▶ **What you are asked to do**: Could you return all of the entries word for word, minus any pictures?

▶ **Input data**:
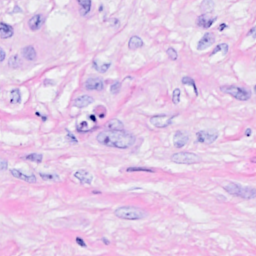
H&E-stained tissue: Breast
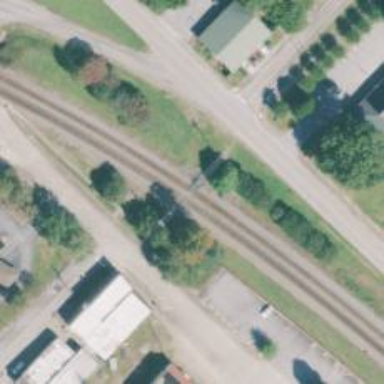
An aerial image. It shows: Railway track.
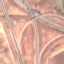
Land use / land cover: Highway
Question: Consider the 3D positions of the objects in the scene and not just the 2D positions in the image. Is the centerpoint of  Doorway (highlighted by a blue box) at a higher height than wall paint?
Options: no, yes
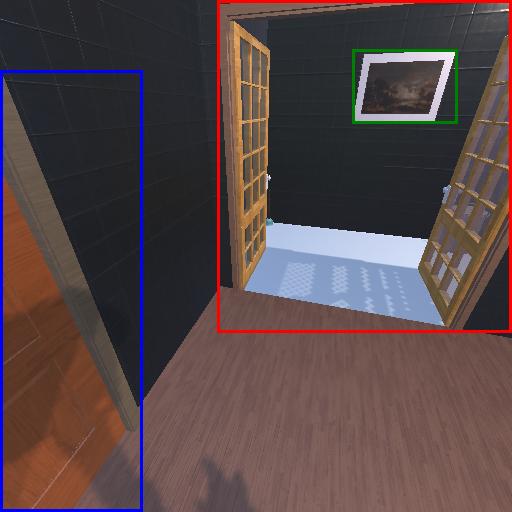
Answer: no
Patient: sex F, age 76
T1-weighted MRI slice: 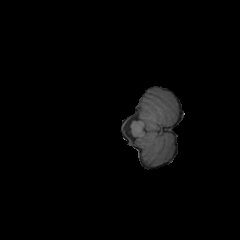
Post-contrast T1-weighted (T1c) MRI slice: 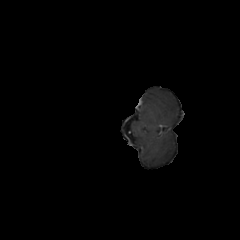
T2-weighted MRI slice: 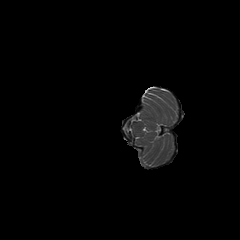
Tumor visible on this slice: no
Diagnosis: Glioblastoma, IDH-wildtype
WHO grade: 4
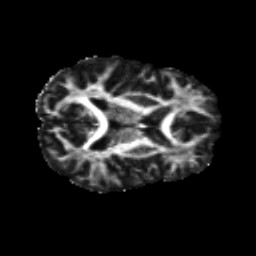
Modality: FA
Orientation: axial
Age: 29
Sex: male
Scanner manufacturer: siemens
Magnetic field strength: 3 T
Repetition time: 8.8 s
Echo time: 0.085 s

▶ **Output for this task**:
H&E-stained tissue: Breast
An aerial image. It shows: Railway track.
Land use / land cover: Highway
Question: Consider the 3D positions of the objects in the scene and not just the 2D positions in the image. Is the centerpoint of  Doorway (highlighted by a blue box) at a higher height than wall paint?
Options: no, yes
Answer: no
Patient: sex F, age 76
T1-weighted MRI slice: 
Post-contrast T1-weighted (T1c) MRI slice: 
T2-weighted MRI slice: 
Tumor visible on this slice: no
Diagnosis: Glioblastoma, IDH-wildtype
WHO grade: 4
Modality: FA
Orientation: axial
Age: 29
Sex: male
Scanner manufacturer: siemens
Magnetic field strength: 3 T
Repetition time: 8.8 s
Echo time: 0.085 s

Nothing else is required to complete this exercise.